The Vignoble Isle de Bacchus is to the left as you drive onto Orleans Island, just outside the village of St. Pierre. Its terraced fields slope gently toward the northwest, providing a summer’s worth of late-day sun to ripen the grapes. With those grapes, Bacchus Vineyard makes a variety of reds and whites, as well as some sinfully tasty wine cocktails.


Bacchus Harvest reduced


The day of my visit, volunteers were harvesting Marquette grapes, a hybrid grape that is descended from the Pinot Noir.

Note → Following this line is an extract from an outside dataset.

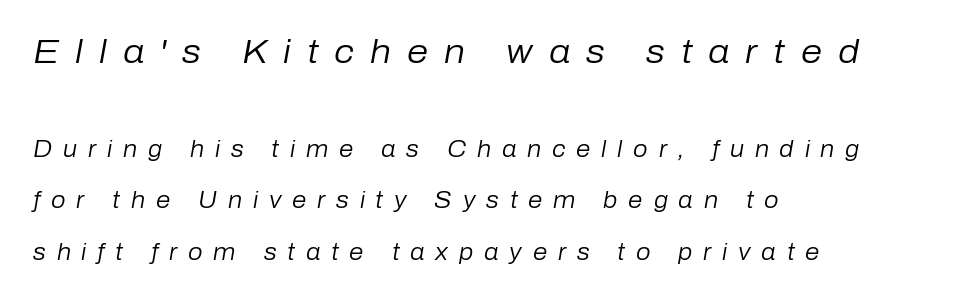
Check the space under the baseline: it is left empty. If you drew a ruler down the left edge, every line would touch it. Loose tracking; the words dissolve into strings of separated letters. The axis of the letterforms is tilted away from vertical. Is the type heavy? It reads as light-to-regular instead.

Developed at the University of Minnesota, the Marquette is prized for its ability to survive cold winters, which are in no short supply– either in Minnesota or here in the St. Lawrence River Valley. The vintners at Bacchus Vineyard use the Marquette in several of their red wines, including my favorite, the Réserve Alexandre. The vineyard touts this wine as a bold rouge that tastes of black current and plum with hints of roasted coffee and chocolate. This is connoisseur talk for “really good”! I would put it up against similar wines from the best known wine-growing regions of the world. I can’t wait to taste the 2014 version!


Picking Grapes Reduced



  1. Thank you for sharing pictures of what we missed by coming too early to Canada…absolutely beautiful.

    • That just means that you have to come back next year!

  2. You like red Wine too……quite stunning !!! No ? Ha! Ha !

  3. The wine grower of Isle de Bacchus also made for the second year, the Rosé des Filles du Roy using an older method for this particular rosé.
    He discovered that a young Fille du Roy, who was only 16, settled on his actual land in the XVIIe century.
    As he was very proud of this discovery, to help La Société historique des Filles du Roy, he made that wine for us.

    Thérèse Morin alias Marie-Catherine Cottin dite d’Arras who arrived in Québec in 1664.

  4. Looks fantastic – sorry I am not there to try this wine!

  5. Thanks Neil. I am enjoying your informative blog — and wishing I’d bought some of this wine while in Quebec. i spoke to a friend in Laval yesterday and they are enjoying a bit of a heat wave as we are in Boston. I’m wondering how I can post this to my Facebook page. would you have any objection? (Do you have a FB page?)

    • Hello Millicent!

      Please do post it to your Facebook Page!Here is the link to the Québec and moi FB page. First you can “like” the page in general, then you can “share” the article in particular.

      Thank you so much!

  6. oh, pinot noir, the description you bring him gives him a wonderful bouquet of subtle flavors. If the 2014 vintage shows promise to be patient rest seems appropriate. Beautiful black cohosh, good description and lively wine, your health, thank you

  7. Stunning to see that Jacques Marquette’s name was given to a prized grape produced in the USA and grown on Ile d’Orléans. Considering he died on the shores of Lake Michigan in 1675, it seems that he finally made it bak home… in a different shape!!! Ha! ha!

  8. Hello Neil,

    Thank you for this very pertinent information about the “Grande région de Québec”. In spite of the fact that Old Québec is a wonderful site, recognized by Unesco, your article clearly shows that Québec area has still more to offer to the visitors and gourmets…

    Bye, Denis L

  9. Thanks for the update on the vineyard on Orleans Island. MY next trip I would like to visit the winery and the sugar Shack!

  10. BEAUTIFUL…!!!! Thank you so much for the pics…we need to come back…especially for the vineyard!!